Giuseppe Carrus

Ristorante: cucina.eat
Indirizzo: Piazza Galileo Galilei, 1 – Cagliari
Tel.: 070 099 1098
Web: shopcucina.it

Sardo di mondo, come lo definisce qualcuno, e cagliaritano di fatto, gira l’Italia e non solo alla scoperta di vini, cantine, territori, ma anche di birre, distillati e cocktails d’autore.

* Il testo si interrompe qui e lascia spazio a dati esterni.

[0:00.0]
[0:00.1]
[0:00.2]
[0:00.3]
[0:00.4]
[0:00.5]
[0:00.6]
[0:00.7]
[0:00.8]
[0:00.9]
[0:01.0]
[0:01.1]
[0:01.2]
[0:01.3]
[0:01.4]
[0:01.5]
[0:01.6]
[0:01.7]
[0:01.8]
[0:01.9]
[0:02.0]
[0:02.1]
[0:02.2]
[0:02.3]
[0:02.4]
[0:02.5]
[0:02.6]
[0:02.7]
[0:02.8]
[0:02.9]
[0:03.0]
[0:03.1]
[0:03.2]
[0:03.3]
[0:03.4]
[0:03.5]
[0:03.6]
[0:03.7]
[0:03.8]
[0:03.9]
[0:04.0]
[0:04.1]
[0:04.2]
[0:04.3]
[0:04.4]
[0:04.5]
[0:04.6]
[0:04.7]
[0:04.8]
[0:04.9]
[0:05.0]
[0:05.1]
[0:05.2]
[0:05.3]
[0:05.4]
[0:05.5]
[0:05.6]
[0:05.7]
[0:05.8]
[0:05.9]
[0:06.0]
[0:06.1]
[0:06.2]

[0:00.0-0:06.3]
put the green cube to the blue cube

È stato maître-sommelier alla Glass Hostaria di Cristina Bowerman. Da tanti anni in forza nella redazione del Gambero Rosso, è vicecuratore della guida Vini d’Italia. Diverse le collaborazioni, sia in testate specializzate, sia in scuole dove insegna principalmente tecniche e metodi per l’assaggio di vini e alimenti. L’ultima avventura risale a settembre 2013: ha aperto a Cagliari, con la moglie Alessandra, cucina.eat, luogo in cui la cucina è al centro e il resto è tutto da scoprire.

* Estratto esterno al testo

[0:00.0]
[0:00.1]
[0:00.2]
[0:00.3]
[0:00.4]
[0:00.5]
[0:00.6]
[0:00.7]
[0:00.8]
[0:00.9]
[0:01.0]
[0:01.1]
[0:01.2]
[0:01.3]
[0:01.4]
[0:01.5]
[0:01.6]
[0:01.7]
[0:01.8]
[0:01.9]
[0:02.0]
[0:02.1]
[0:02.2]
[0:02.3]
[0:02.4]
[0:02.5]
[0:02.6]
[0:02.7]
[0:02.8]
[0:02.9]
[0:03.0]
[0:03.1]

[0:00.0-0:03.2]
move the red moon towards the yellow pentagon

Racconta: «Sono nato e cresciuto in quell’isoletta del centro del Mediterraneo di cui si sente parlare, specie in estate, per il mare, per i locali sulle spiagge, per le vacanze. Ahimé. Eppure, se penso alla mia infanzia, mi vengono in mente la campagna, i vigneti e il latte appena munto. Mio zio produce vino, l’altro zio formaggio e il mio babbo era cacciatore. La mia vita si scandiva tra vendemmie, arrosti della domenica e soffitte piene di caci freschi da rosicchiare di nascosto facendo credere che Remy (topolino gourmet del celebre film Ratatouille) esistesse già allora. Poi sono diventato grande anch’io. Studi nel capoluogo sardo e dritto all’Università. Per un attimo ho pensato di dover fare l’ingegnere (!), ma poi, complice un bicchiere di troppo ho detto a mia mamma (rischiando lo sfratto): “Voglio assaggiare, bere e parlare di vino, questo sarà il mio lavoro!”».

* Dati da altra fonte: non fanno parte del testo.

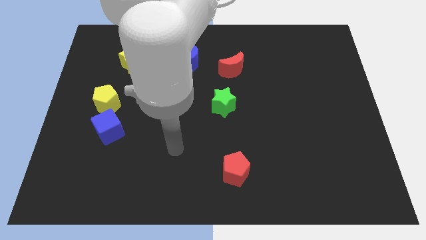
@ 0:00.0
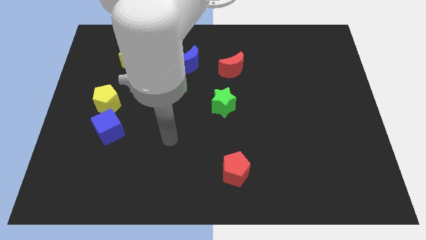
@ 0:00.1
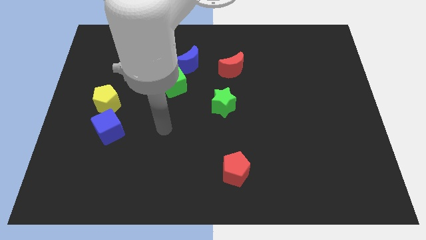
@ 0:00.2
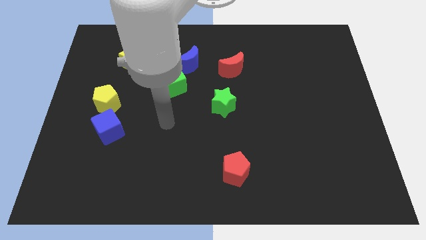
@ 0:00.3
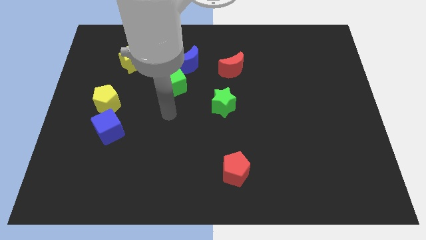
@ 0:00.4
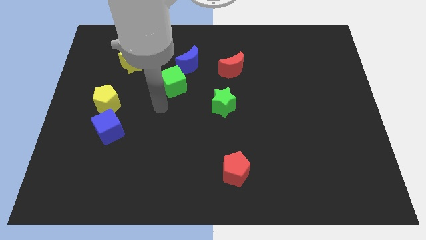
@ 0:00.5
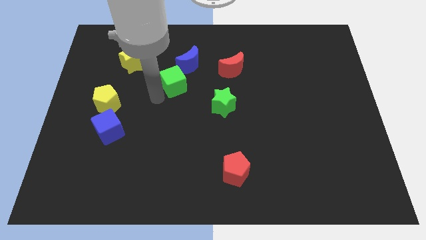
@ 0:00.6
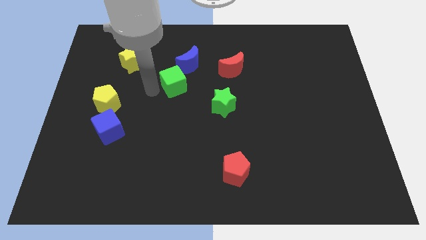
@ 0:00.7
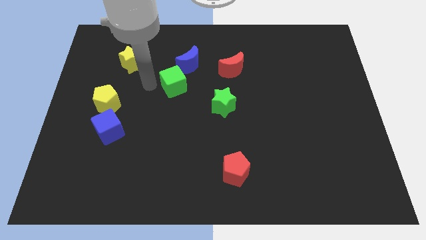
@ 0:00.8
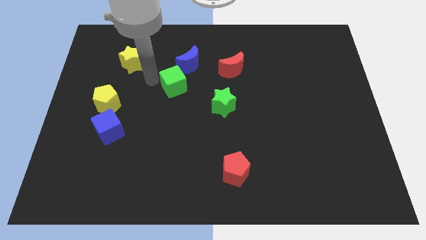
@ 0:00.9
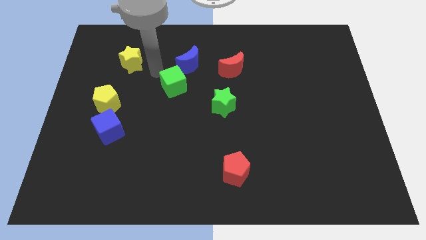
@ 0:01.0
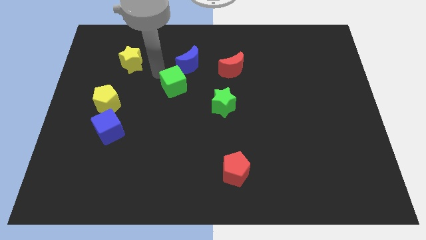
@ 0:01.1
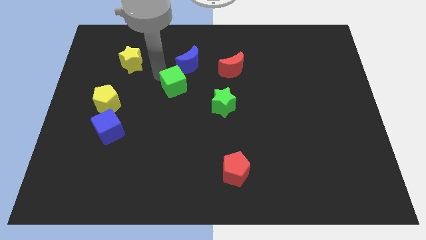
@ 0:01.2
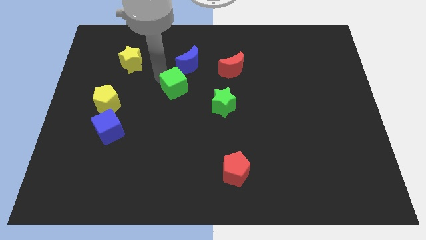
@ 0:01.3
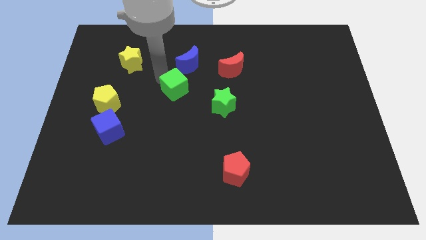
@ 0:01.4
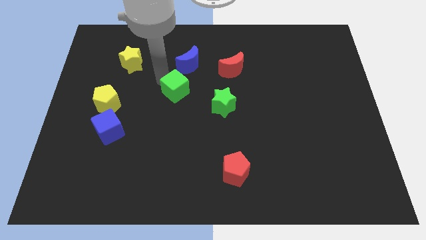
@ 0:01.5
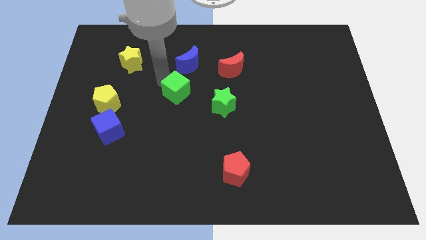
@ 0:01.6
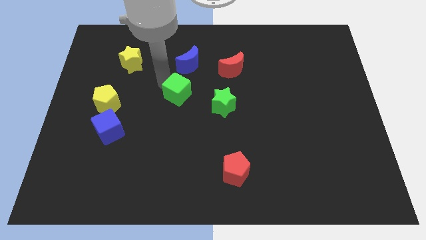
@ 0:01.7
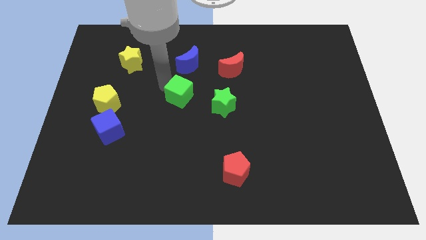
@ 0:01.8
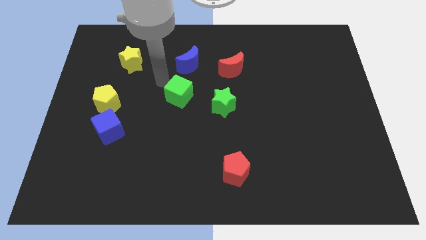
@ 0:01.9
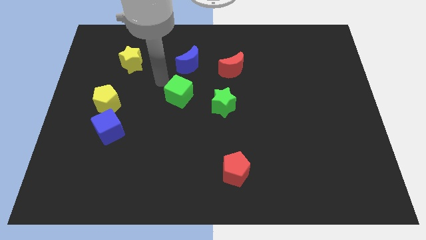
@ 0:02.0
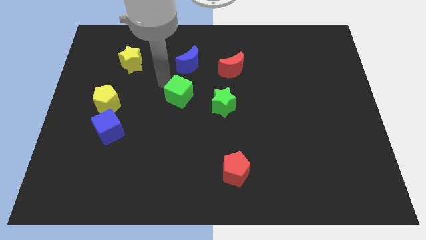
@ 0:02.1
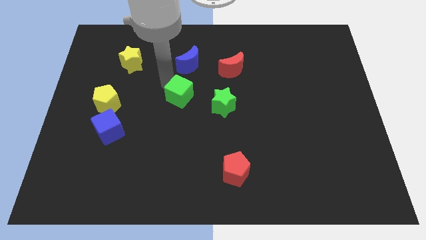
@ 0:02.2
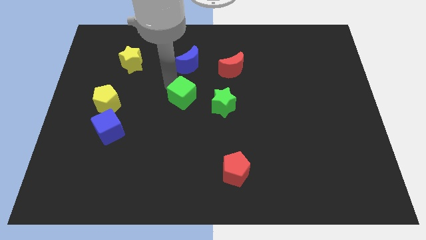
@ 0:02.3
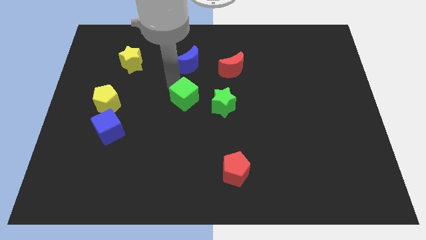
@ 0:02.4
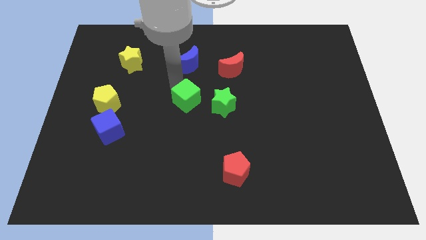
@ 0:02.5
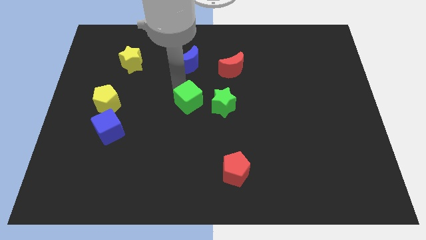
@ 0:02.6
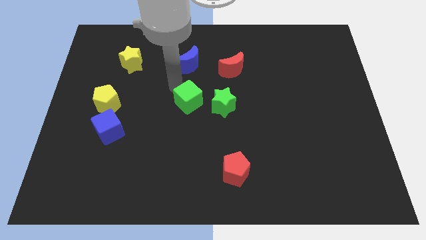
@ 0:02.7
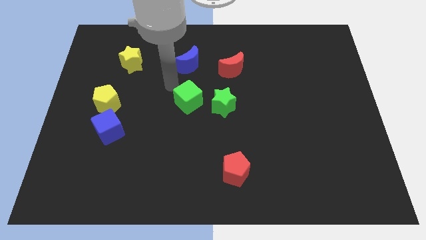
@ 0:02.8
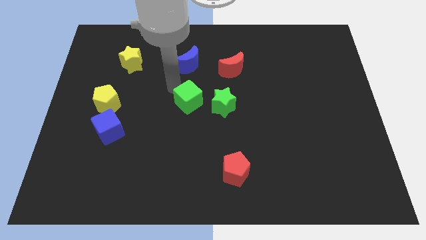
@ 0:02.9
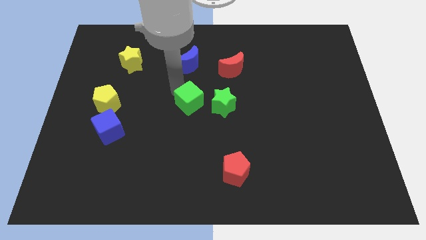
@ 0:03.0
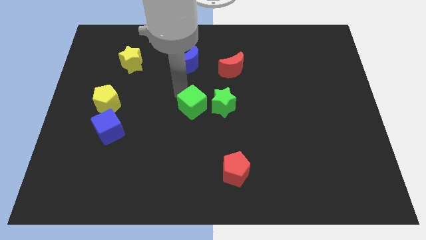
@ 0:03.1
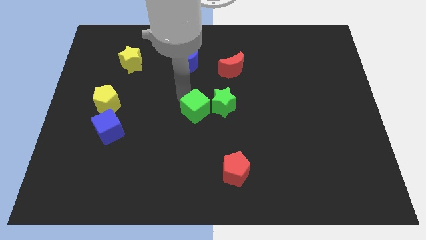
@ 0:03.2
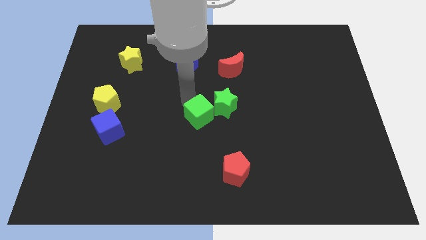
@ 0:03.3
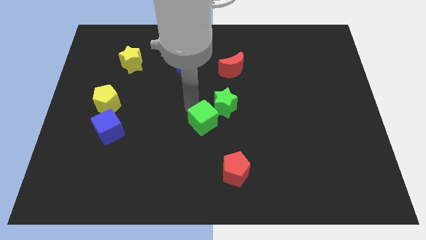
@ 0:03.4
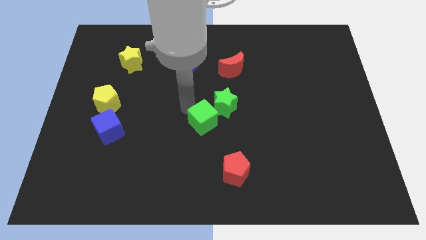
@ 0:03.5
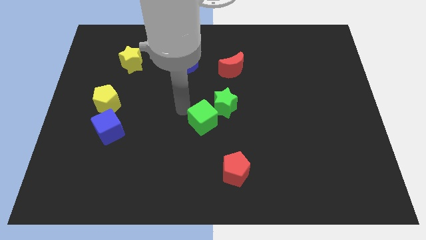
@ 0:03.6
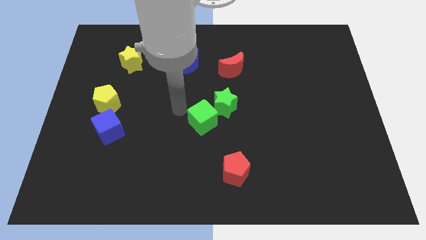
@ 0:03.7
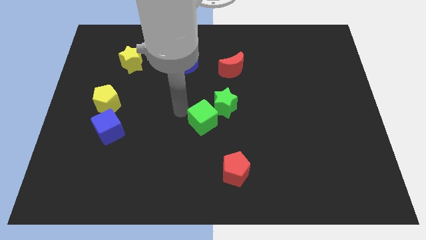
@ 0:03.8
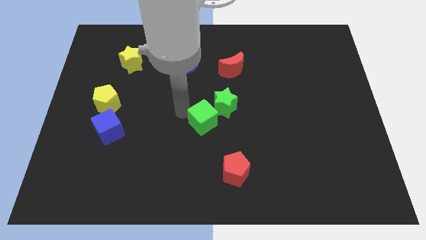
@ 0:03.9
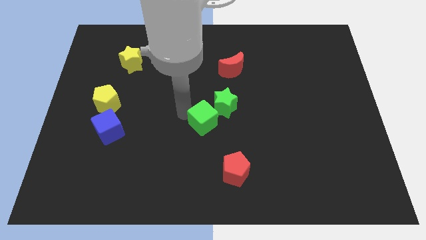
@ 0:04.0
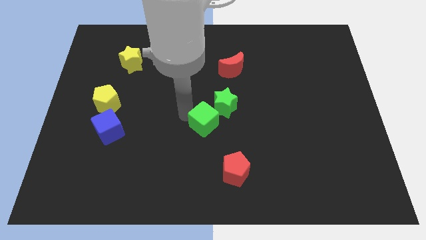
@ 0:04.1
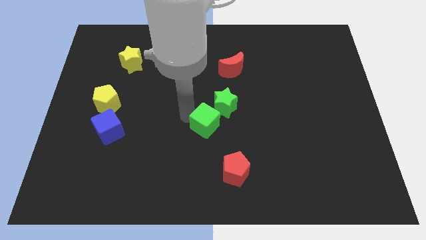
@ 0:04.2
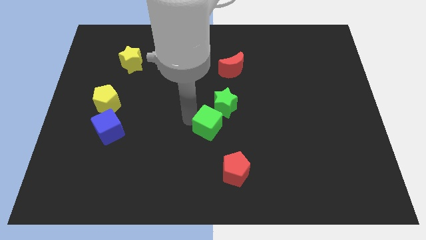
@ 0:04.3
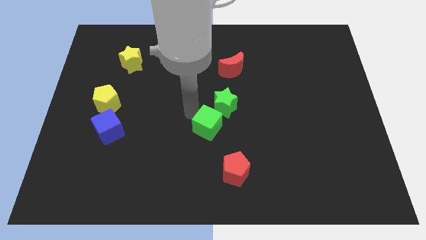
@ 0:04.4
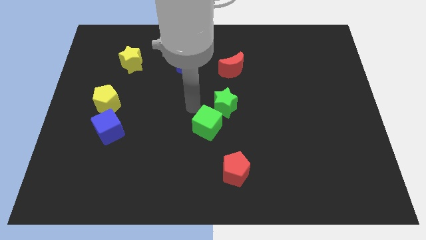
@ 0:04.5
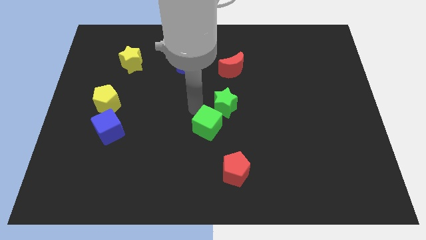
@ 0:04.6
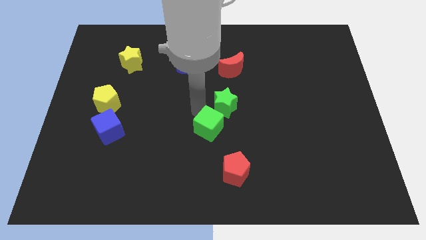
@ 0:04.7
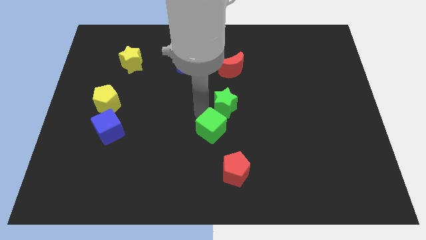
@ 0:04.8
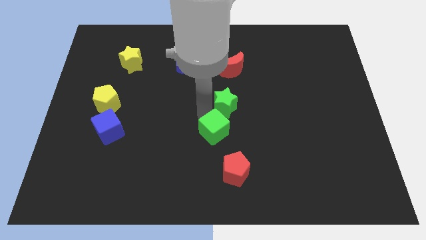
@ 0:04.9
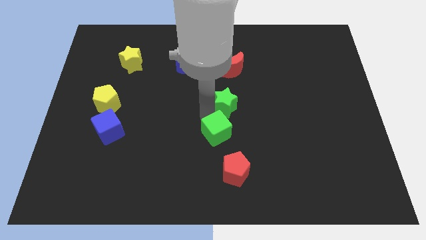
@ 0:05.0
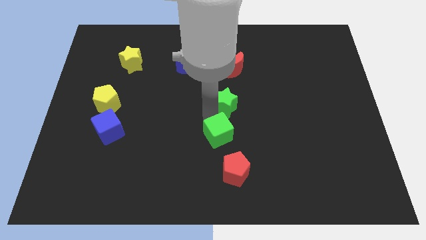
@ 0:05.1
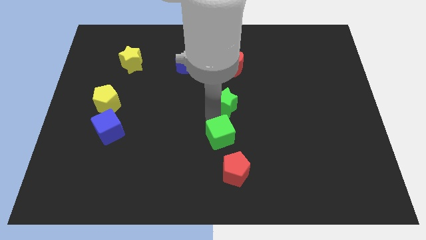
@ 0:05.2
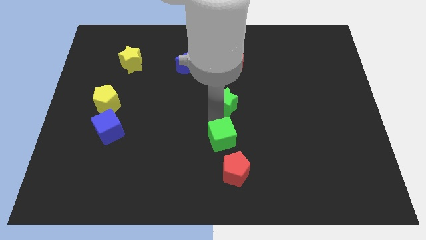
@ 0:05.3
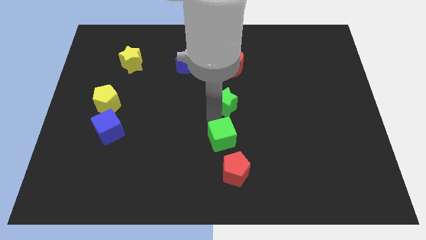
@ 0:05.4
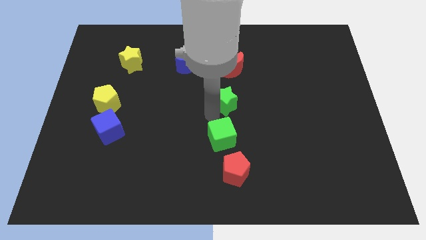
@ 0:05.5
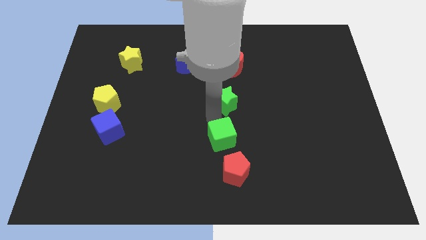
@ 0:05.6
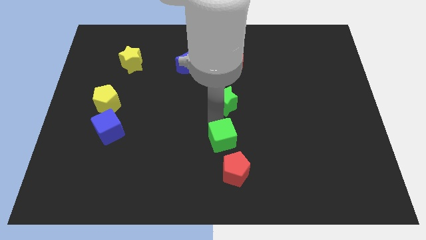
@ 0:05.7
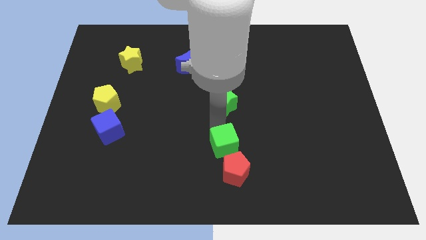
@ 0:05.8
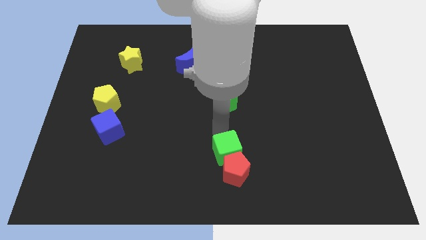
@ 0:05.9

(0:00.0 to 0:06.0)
put the green cube to the red pentagon

Laurea in Scienze della Comunicazione, tesi sul linguaggio delle guide gastronomiche, diploma di sommelier, corsi e corsetti all’estero, ma soprattutto il Master del Gambero Rosso «che rappresentava per me la sintesi e l’anello di congiunzione tra studi e passione». Dopo di che ci sono solo tanti assaggi, migliaia e migliaia. «Ed eccomi qua. Tranquilli, non mi pagano solo per bere: scrivo per (quasi) tutte le guide che il Gambero Rosso sforna, non manca il pezzo sul mensile e, già da un po’, il mio accento ha fatto la sua apparizione su Gambero Rosso Channel. Dimenticavo. C’è una cosa che amo veramente fare. Insegnare ciò che già so. Poca didattica, quella la si trova nei testi, molte esperienze personali, raccontate a modo mio. Voglio trasmettere sensazioni più che nozioni. Quasi mai ci riesco, ma di sicuro mi diverto. E anche chi chiacchiera con me sembra divertirsi. Forse solo perché nelle mie lezioni si beve sempre? Non so. Volete provare? Bene, giusto il tempo di avvinare i bicchieri…».